La Alhambra from Mirador de San Nicolas


Restored mosaics

Nasrid Palace

Lion's Fountain

A miniscule part of the gardens at Generalfe

The watchtower. Yes, we climbed it.

Washington Irving

Pomegranate cobblestones

Wednesday 8 May 2024

Gorging in Ronda

I have discovered a truism about Spain.

The entire country goes uphill. In both directions. Flat walks are nearly non-existent and there is no such thing as a paved road outside the major metropolises. Everything is cobblestoned. My Apple Watch is wondering where all the elevation points are coming from. The thing is, to fully experience the wondrous encounters this beautiful country has to offer,  you must get out of the cities and into La Frontera. 

We left The Rock behind us and ventured into the mountainous regions of España. Now here's the thing. I'd been suffering from a nightmarish cold ever since some boor hacked on me during one of our train trips. The last thing I needed was a twisting and turning journey up into the hill country of Málaga province. Unfortunately, that is exactly what I got. We have been on planes, trains, metros, cable cars, and buses during this trip and believe it or not, it was a car ride that finally triggered my motion sickness. We had to pull over twice, prop me up in the front seat, and pray to all that is holy that I wouldn't puke in the rental car.

We pulled into the town of Ronda and I was literally seeing stars. I refused to allow this f***ing cold to slow me down, so I insisted we do some initial scouting of the sites. This is one magnificent village. Known for its cliffside location and a deep gorge that divides the town, Ronda was historically a rest stop along the Arab trade routes that started in Granada and ventured forward to Córdoba. The former Islamic dominance is still quite visible throughout the town, even though the Inquisition ended all Muslim observance. The Arab baths, which were a travellers' weigh station have been lovingly uncovered and were a highlight of our first day here. The old Roman bridge provided beautiful picturesque views of the gorge and a magnificent vista of the many farms and haciendas in the valley below. This area is well known for its olive and orange groves and the pomegranate trees are just beginning to blossom. Day one in Ronda ended for me with a fever and an early bedtime while my fellow travellers found dinner. Between the cold and the motion sickness, I was cooked. The beauty of Ronda would have to reveal itself to me on another day.

And reveal it did. Spain's oldest bullfighting ring and museum are located in the centre of town. I have very mixed feelings about sports which involve animals and this one is always deadly to either the matador or the bull. There are many reasons to abhor bullfighting, but I must admit that learning about the special military history and its importance to the Spanish heritage did give me pause. I still don't like it, but I understand it better. We got a chance to stand in the centre of the ring. This place is enormous, but it probably feels quite small if an angry bull is stampeding towards you. The old costumes were a lovely revelation and the great matadors are national heroes. I will never attend a fight, and I still think Hemingway was an overrated misogynist who romanticized this sport for the masses, but I can at least see some merit.

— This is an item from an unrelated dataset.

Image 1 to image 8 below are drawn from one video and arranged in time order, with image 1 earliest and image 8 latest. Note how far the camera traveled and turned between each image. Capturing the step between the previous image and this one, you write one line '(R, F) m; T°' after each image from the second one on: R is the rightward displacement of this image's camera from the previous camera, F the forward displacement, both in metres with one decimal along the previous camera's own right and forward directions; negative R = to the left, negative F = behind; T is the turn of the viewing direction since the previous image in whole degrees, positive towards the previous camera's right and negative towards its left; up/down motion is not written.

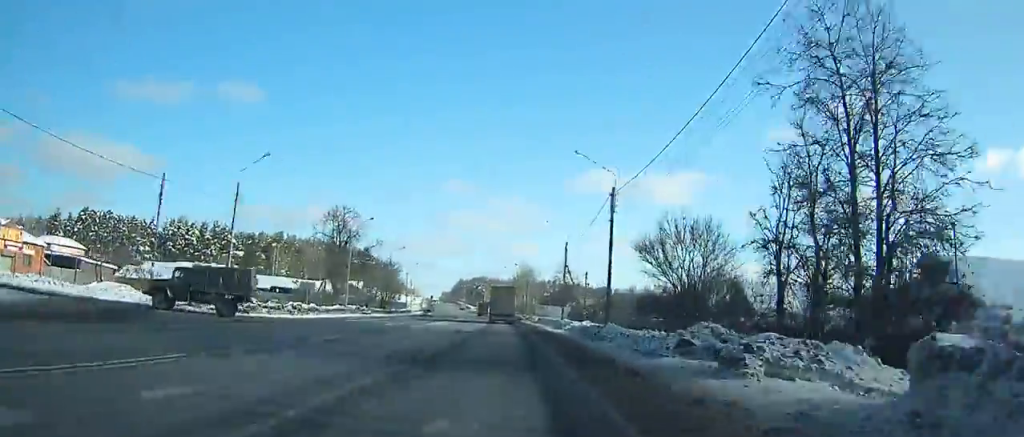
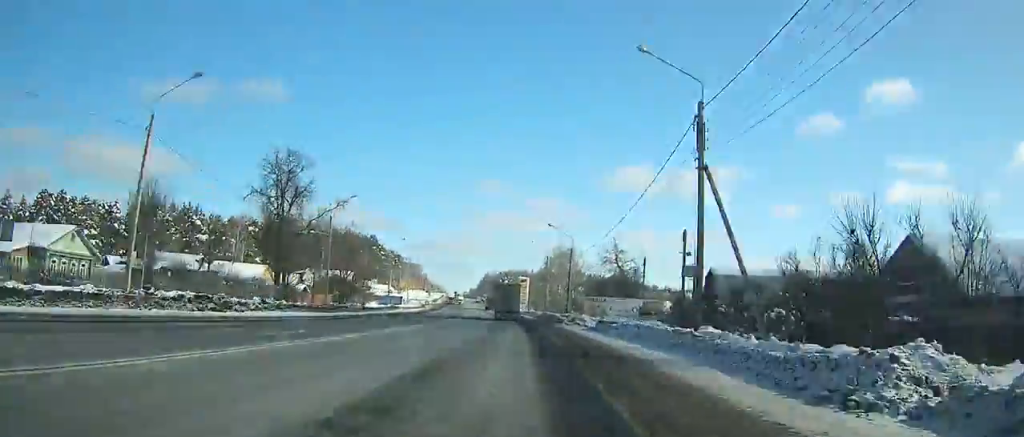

The absolute highlight of Ronda is the trip into the gorge. We thought it would be a quick jaunt down and back. This was a real hike! The paths held grades of at least 40 degrees straight down and we knew that we needed to climb back up. We aren't in terrible condition, but I was still recovering my breath control from a cold. We didn't rush it and we are so glad we didn't. What a glorious experience and a necessary excursion if you find yourself here. I only hope the photos do it justice.

Some random thoughts:

  • The wildflowers of Spain are magnificent. The poppies are in bloom everywhere. Simply lovely.
  • The Spanish seem to distain Kleenex. It took us days to find a box for my aching sinuses.
  • I think my favourite thing so far is just sitting on a patio at a cafe in the late afternoon and chatting. What a civilized way to live.
  • There are spice shops everywhere. I might have to buy some Spanish saffron and smoked paprika.
  • I could live here. The language is becoming easier for me and the weather is perfect. 
  • I am fascinated by the doors of Spain. I will try to put together some photos for a later post.
All photos today are from The Husband. His eye is perfect. 

Bustling streets of Ronda

The bullring

Poppies

We climbed all the way down and back

The wildflowers of Spain


Arab Baths



Tuesday 7 May 2024

Roaming Around Andalusia

The Husband and I have kept a running list when we travel. We've entitled this list, "The Most Overrated Tourist Attractions in The World." In order to make the list, the attraction must be extraordinarily well-know; have ridiculous amounts of chachkas emblazoned with its visage; have crazy tourists all with selfie sticks straining for the perfect shot; and most likely, a very expensive entry fee. Vying for top prize on our list, in no particular order are:

  • The Mona Lisa
  • Loch Ness
  • The Little Mermaid Statue in Copenhagen
  • The Leaning Tower of Pisa (Did you know it leans?)
  • Gondolas in Venice
You get the point. Feel free to add your own if you see fit.

When planning this trip, we knew that we wanted to explore La Frontera in Andalusia heading south from Sevilla. When Twin Son suggested that we go to Gibraltar, I will admit to a healthy dose of skepticism. Did I really need to add a big-ass rock to my list? He seemed fairly keen on the idea, so we agreed, provided that we stop in some of the beautiful little villages along the way. We had hoped to spend a few hours in Cadiz and Jerez, but since it was Sunday, both towns were closed up tight. It is a bit unfortunate, but such is the nature of travel. My cousin suggested that we hit up Vejer de la Frontera, or the White Village. The town is situated on a low hill and overlooks the Straits of Gibralter. The narrow streets and beautiful stone white buildings, are surrounded orchards and orange groves. The Moorish architechture was the perfect backdrop for a stroll through the mercados on a sunny Sunday afternoon. 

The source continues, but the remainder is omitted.